White Chocolate Syrup vs California Ripe Pitted Olives Low Sodium Medium
Wondering which one to pick? We analyzed the nutritional profile, ingredients, and vegan status to help you decide.

White Chocolate Syrup

California Ripe Pitted Olives Low Sodium Medium
The Verdict: Which is Better?
When placing White Chocolate Syrup and California Ripe Pitted Olives Low Sodium Medium side-by-side, the nutritional differences become quite clear. Both products cater to specific dietary needs, but picking the right one depends on whether you are prioritizing weight loss, muscle gain, or clean eating.
White Chocolate Syrup is the more energy-dense option here, packing 133 more calories per 100g than California Ripe Pitted Olives Low Sodium Medium. If you are looking for sustained energy or fueling a workout, this higher caloric density might be an advantage.

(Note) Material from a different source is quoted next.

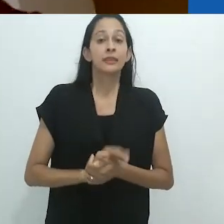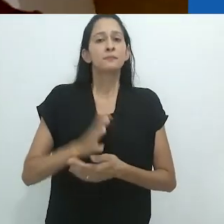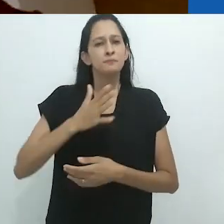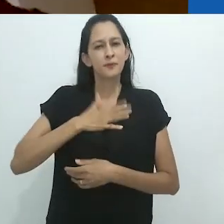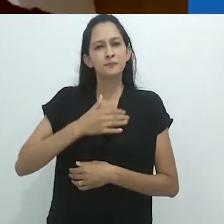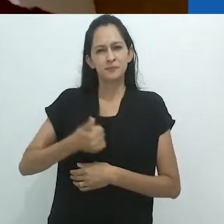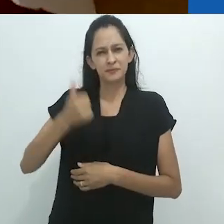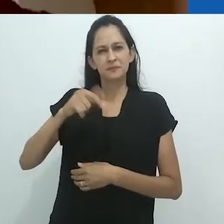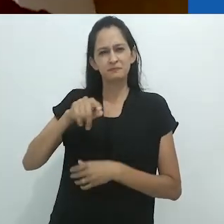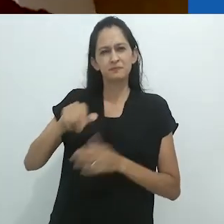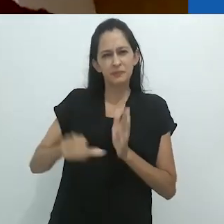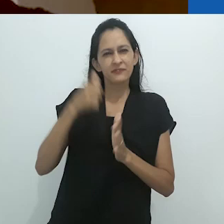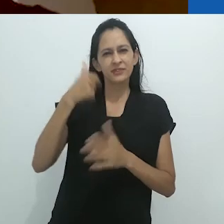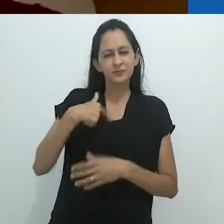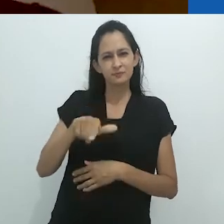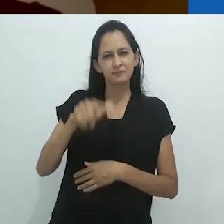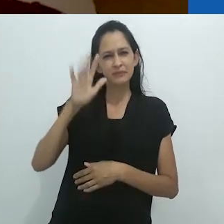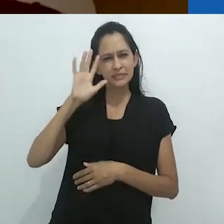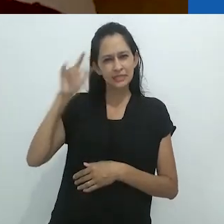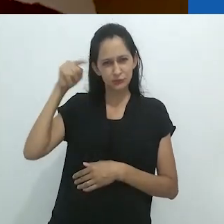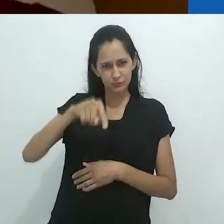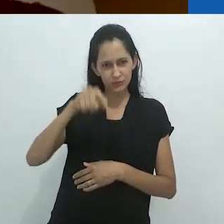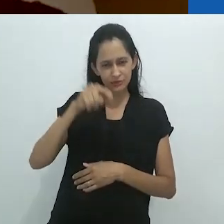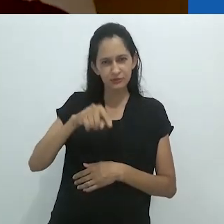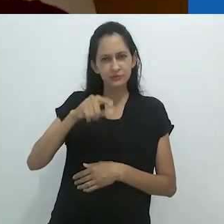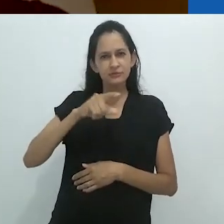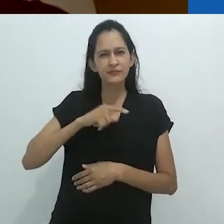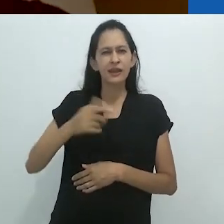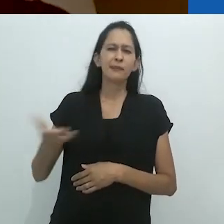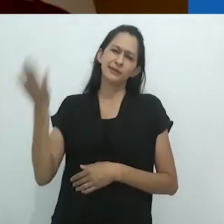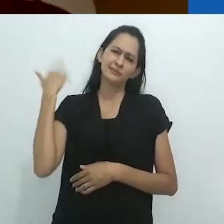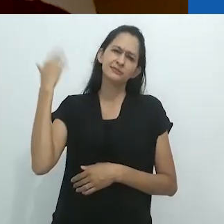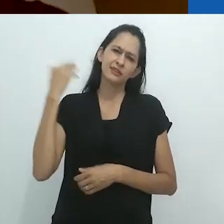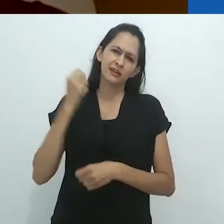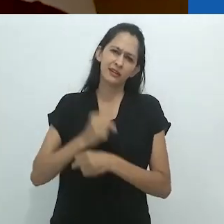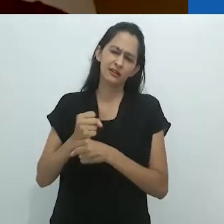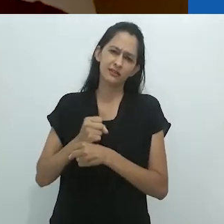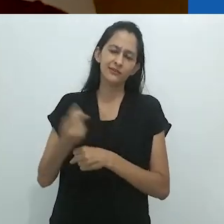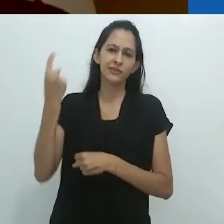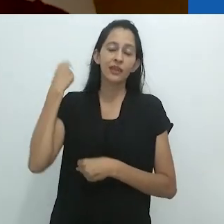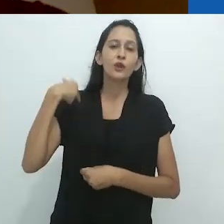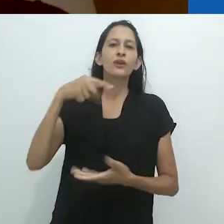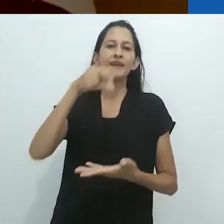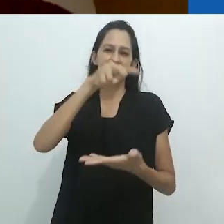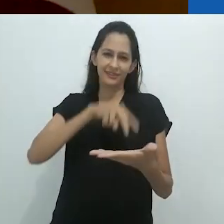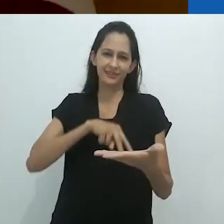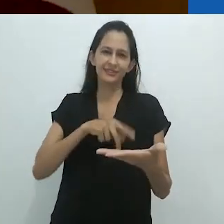Meus primeiros pensamentos sobre isso vieram vários anos atrás ao ler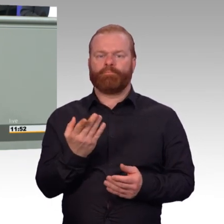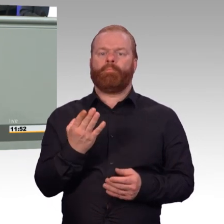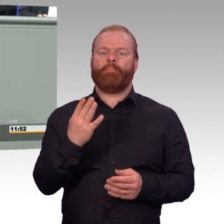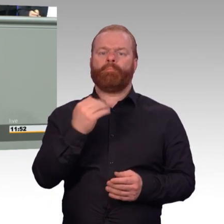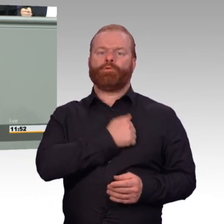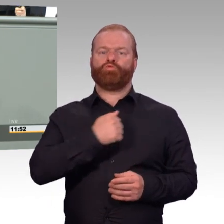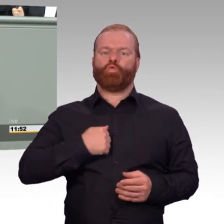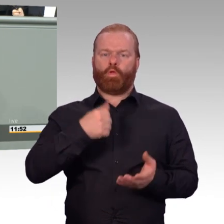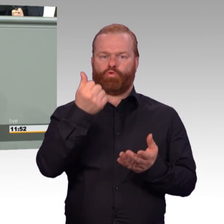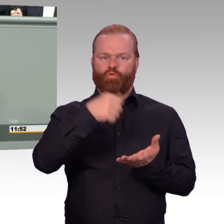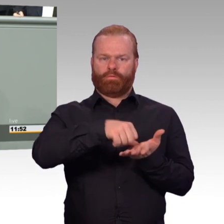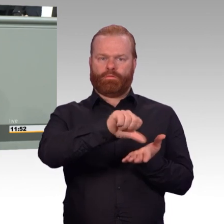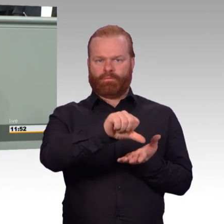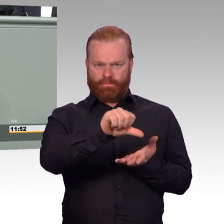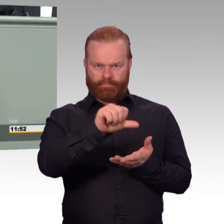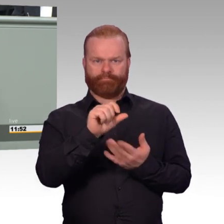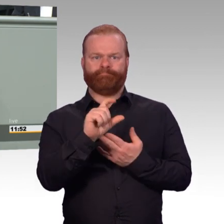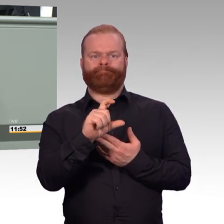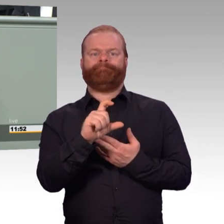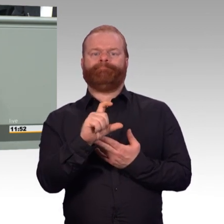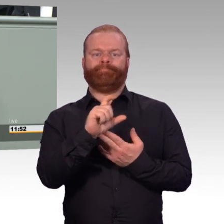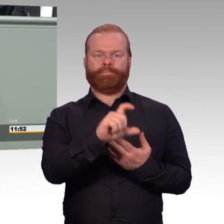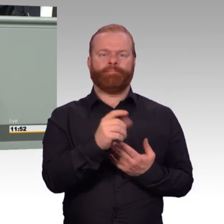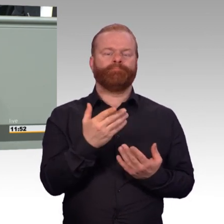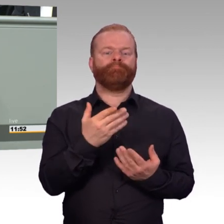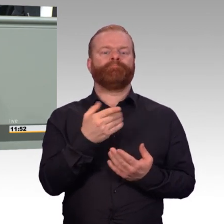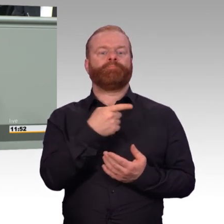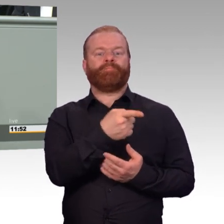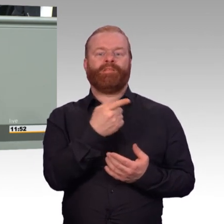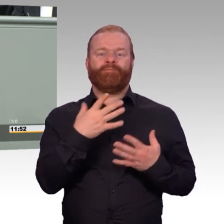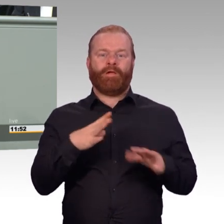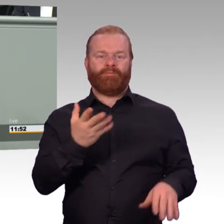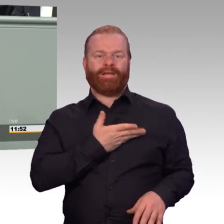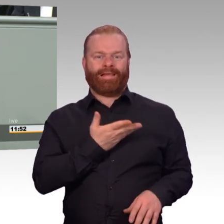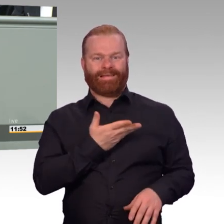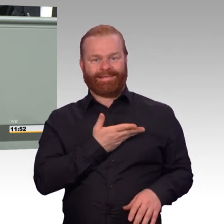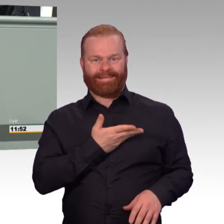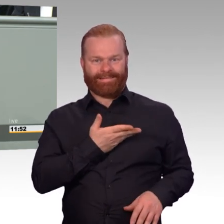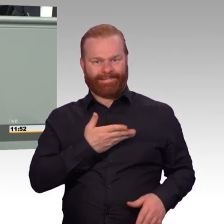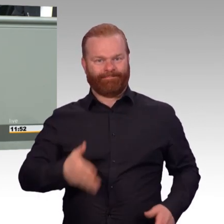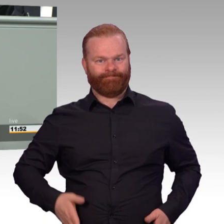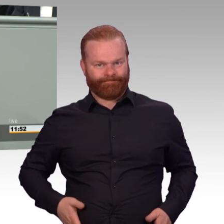durchaus einige hundert Euro im Monat mehr bedeuten. Und wir werden gleichzeitig für unsere FWDLer

However, watch out for the sugar content. White Chocolate Syrup contains significantly more sugar (63.333333333333g) compared to the milder California Ripe Pitted Olives Low Sodium Medium (0g). If you are monitoring your insulin levels or trying to cut down on sweets, California Ripe Pitted Olives Low Sodium Medium is undeniably the healthier pick.
Frequently Asked Questions
Which is healthier: White Chocolate Syrup or California Ripe Pitted Olives Low Sodium Medium?
It depends on your goals. White Chocolate Syrup has 266.66666666667 calories, while California Ripe Pitted Olives Low Sodium Medium has 133.33333333333 calories. Check the detailed table above for sugar and fat content.
Is White Chocolate Syrup vegan?
No, White Chocolate Syrup is not certified vegan.
What is the calorie difference between White Chocolate Syrup and California Ripe Pitted Olives Low Sodium Medium?
There is a difference of 133 calories per 100g between the two products.